All’età di 13 anni frequenta un corso di sartoria presso un atelier del suo paese d’origine, Misilmeri: «Grazie alla mia prima insegnante, Rosalia Di Bella, ho imparato a dare forma ed espressione alla mia passione. Durante gli anni del liceo è stato molto impegnativo far combaciare tutto, ma la passione per la sartoria mi ha sempre ripagato di ogni sforzo».

Dalla Sicilia a 19 anni si sposta a Napoli per due anni, dove studia presso la scuola di Alta Sartoria del noto brand di lusso Kiton, grazie ad un progetto finanziato dalla comunità europea. In seguito, dopo un periodo di lavoro a Milano e Novara nel 2023 si trasferisce nella Svizzera francese in cerca di ispirazione.

«In Svizzera ho cercato di imparare il francese e provare a candidarmi per delle posizioni lavorative, ma non riuscivo a trovare lavoro in Francia non vivendo sul territorio – racconta – così con i risparmi che avevo ho deciso di provarci. Ho affittato un monolocale a Parigi e ho cominciato a pianificare il mio trasferimento, appena arrivata ho ricevuto una chiamata per un colloquio proprio per Dior. Avevo fatto la scelta giusta al momento giusto».

Un lavoro di grande attenzione e meticolosità, ma soprattutto di simmetrie iniziato con l’apprendimento della moda uomo e specializzandosi in capi spalla, ovvero giacche e cappotti: «La sartoria è matematica, anche un po’ di architettura della moda se vogliamo – spiega Giulia – è un lavoro di gruppo, partendo dal disegno e dai modelli, poi i sarti fanno un lavoro di valutazione sulla realizzazione. È un mestiere troppo poco considerato e ad oggi sempre meno diffuso anche se il fatto a mano, specialmente nell’alta moda è una questione di pregio. Dove non vengono impiegate le macchine, ci sono invece mani che cuciono e creano con cura e minuziosità».

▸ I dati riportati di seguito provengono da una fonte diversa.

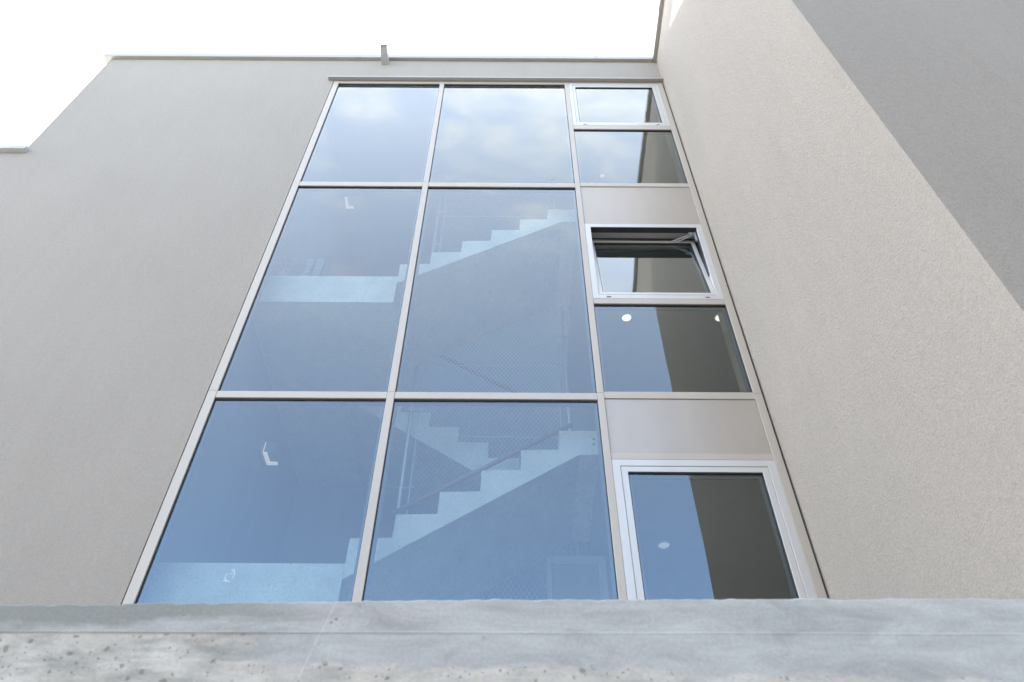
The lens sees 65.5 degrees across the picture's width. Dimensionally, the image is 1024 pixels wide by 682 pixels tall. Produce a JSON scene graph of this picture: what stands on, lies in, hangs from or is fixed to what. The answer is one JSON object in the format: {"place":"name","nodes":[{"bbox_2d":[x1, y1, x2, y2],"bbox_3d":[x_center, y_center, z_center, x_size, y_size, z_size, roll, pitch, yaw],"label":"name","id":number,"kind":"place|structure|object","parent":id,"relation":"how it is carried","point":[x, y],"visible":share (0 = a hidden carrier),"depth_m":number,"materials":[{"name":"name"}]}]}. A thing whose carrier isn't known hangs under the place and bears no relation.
{"place":"outdoors","nodes":[
{"label":"outdoors","id":0,"kind":"place"},
{"bbox_2d":[0,0,658,145],"label":"sky","id":1,"kind":"structure","parent":0,"point":[50,50],"materials":[{"name":"white"}]},
{"bbox_2d":[0,0,1023,604],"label":"building","id":2,"kind":"structure","parent":0,"point":[816,206],"depth_m":5.91,"materials":[{"name":"paint"}]},
{"bbox_2d":[134,398,385,603],"bbox_3d":[-1.482,1.452,4.417,1.197,3.110,0.042,0,-48,0],"label":"fixed window","id":3,"kind":"structure","parent":2,"relation":"in","point":[218,401],"depth_m":5.24,"materials":[{"name":"grey metal"}]},
{"bbox_2d":[257,438,280,465],"bbox_3d":[-2.177,1.002,7.157,0.149,0.160,0.200,0,-48,0],"label":"wall lamp","id":4,"kind":"object","parent":2,"relation":"attached to","point":[269,453],"visible":1,"depth_m":7.11,"materials":[{"name":"beige"}]},
{"bbox_2d":[218,186,421,391],"bbox_3d":[-1.468,-0.550,6.663,1.197,2.783,0.042,0,-48,0],"label":"fixed window","id":5,"kind":"structure","parent":2,"relation":"in","point":[231,364],"depth_m":6.86,"materials":[{"name":"grey metal"}]},
{"bbox_2d":[341,191,354,208],"bbox_3d":[-2.157,-1.857,10.496,0.149,0.160,0.200,0,-48,0],"label":"wall lamp","id":6,"kind":"object","parent":2,"relation":"attached to","point":[348,200],"visible":0.96,"depth_m":10.45,"materials":[{"name":"beige"}]},
{"bbox_2d":[300,84,439,181],"bbox_3d":[-1.457,-2.276,8.601,1.197,2.263,0.042,0,-48,0],"label":"fixed window","id":7,"kind":"structure","parent":2,"relation":"in","point":[340,86],"depth_m":9.14,"materials":[{"name":"grey metal"}]},
{"bbox_2d":[143,209,598,603],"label":"concrete staircase","id":8,"kind":"structure","parent":2,"relation":"on","point":[337,334],"depth_m":6.96,"materials":[{"name":"grey concrete"}]},
{"bbox_2d":[273,255,294,275],"bbox_3d":[-2.061,-0.641,7.212,0.191,0.372,0.131,0,-48,0],"label":"potted plant","id":9,"kind":"object","parent":8,"relation":"on","point":[281,272],"visible":0.6,"depth_m":7.24,"materials":[{"name":"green plant"}]},
{"bbox_2d":[301,258,314,275],"bbox_3d":[-1.826,-0.619,7.173,0.090,0.285,0.114,0,-48,0],"label":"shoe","id":10,"kind":"object","parent":8,"relation":"on","point":[309,265],"visible":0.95,"depth_m":7.15,"materials":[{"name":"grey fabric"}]},
{"bbox_2d":[312,259,325,275],"bbox_3d":[-1.735,-0.619,7.173,0.090,0.285,0.114,0,-48,0],"label":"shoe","id":11,"kind":"object","parent":8,"relation":"on","point":[319,266],"visible":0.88,"depth_m":7.15,"materials":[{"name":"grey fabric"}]},
{"bbox_2d":[391,178,579,599],"bbox_3d":[-0.485,0.636,7.347,2.090,8.278,0.232,0,-48,0],"label":"railing","id":12,"kind":"object","parent":8,"relation":"on","point":[399,509],"visible":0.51,"depth_m":7.30,"materials":[{"name":"silver metal"}]},
{"bbox_2d":[362,399,618,600],"bbox_3d":[-0.119,1.460,4.416,1.422,3.110,0.042,0,-48,0],"label":"fixed window","id":13,"kind":"structure","parent":2,"relation":"in","point":[397,402],"depth_m":5.33,"materials":[{"name":"grey metal"}]},
{"bbox_2d":[395,187,596,392],"bbox_3d":[-0.106,-0.541,6.662,1.422,2.783,0.042,0,-48,0],"label":"fixed window","id":14,"kind":"structure","parent":2,"relation":"in","point":[430,189],"depth_m":6.93,"materials":[{"name":"grey metal"}]},
{"bbox_2d":[429,84,574,182],"bbox_3d":[-0.094,-2.268,8.600,1.422,2.263,0.042,0,-48,0],"label":"fixed window","id":15,"kind":"structure","parent":2,"relation":"in","point":[462,86],"depth_m":9.30,"materials":[{"name":"grey metal"}]},
{"bbox_2d":[546,555,608,599],"bbox_3d":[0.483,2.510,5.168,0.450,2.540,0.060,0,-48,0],"label":"interior door","id":16,"kind":"structure","parent":2,"relation":"attached to","point":[578,577],"depth_m":5.97,"materials":[{"name":"silver metal"}]},
{"bbox_2d":[551,564,600,599],"bbox_3d":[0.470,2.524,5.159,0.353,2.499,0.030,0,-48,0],"label":"door leaf","id":17,"kind":"structure","parent":16,"relation":"in","point":[569,581],"depth_m":5.95,"materials":[{"name":"white paint"}]},
{"bbox_2d":[569,84,669,125],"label":"tilt window","id":18,"kind":"structure","parent":2,"relation":"in","point":[656,97],"depth_m":9.20,"materials":[{"name":"silver metal"}]},
{"bbox_2d":[621,313,631,321],"bbox_3d":[1.221,-0.248,8.480,0.122,0.011,0.122,0,-48,0],"label":"ceiling spot","id":19,"kind":"object","parent":2,"relation":"attached to","point":[626,317],"visible":1,"depth_m":8.48,"materials":[{"name":"silver metal"}]},
{"bbox_2d":[574,130,687,182],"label":"fixed window","id":20,"kind":"structure","parent":2,"relation":"in","point":[643,132],"depth_m":8.58,"materials":[{"name":"grey metal"}]},
{"bbox_2d":[585,224,723,298],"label":"tilt window","id":21,"kind":"structure","parent":2,"relation":"in","point":[707,274],"depth_m":7.01,"materials":[{"name":"silver metal"}]},
{"bbox_2d":[656,540,670,549],"bbox_3d":[1.186,1.595,6.218,0.115,0.011,0.115,0,-48,0],"label":"ceiling spot","id":22,"kind":"object","parent":2,"relation":"attached to","point":[663,545],"visible":1,"depth_m":6.22,"materials":[{"name":"silver metal"}]},
{"bbox_2d":[594,304,751,391],"bbox_3d":[1.176,0.053,6.004,1.055,0.988,0.042,0,-48,0],"label":"fixed window","id":23,"kind":"structure","parent":2,"relation":"in","point":[722,308],"depth_m":6.35,"materials":[{"name":"grey metal"}]},
{"bbox_2d":[612,459,816,599],"bbox_3d":[1.165,1.643,4.212,1.053,2.569,0.061,0,-48,0],"label":"tilt window","id":24,"kind":"structure","parent":2,"relation":"in","point":[795,567],"depth_m":4.91,"materials":[{"name":"silver metal"}]},
{"bbox_2d":[714,314,719,321],"bbox_3d":[2.213,-0.248,8.475,0.125,0.011,0.125,0,-48,0],"label":"ceiling spot","id":25,"kind":"object","parent":2,"relation":"attached to","point":[716,318],"visible":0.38,"depth_m":8.48,"materials":[{"name":"silver metal"}]},
{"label":"ground","id":26,"kind":"structure","parent":0,"visible":0},
{"bbox_2d":[0,598,1023,681],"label":"concrete wall","id":27,"kind":"structure","parent":26,"relation":"on","point":[796,640],"depth_m":1.58,"materials":[{"name":"grey concrete"}]}
]}

Giulia vive da sola in una città con più di 2 milioni di abitanti, già in passato appena maggiorenne ha sperimentato cosa significhi vivere lontano da casa, ancora oggi questo rimane un aspetto costante: «Mi manca la Sicilia – dice – ogni volta che ritorno a casa ripartire è difficile, ma se sono qui è per la mia grande passione e anche perché molte persone mi hanno sostenuto e incoraggiato. In primis i miei genitori, la mia famiglia e il mio fidanzato».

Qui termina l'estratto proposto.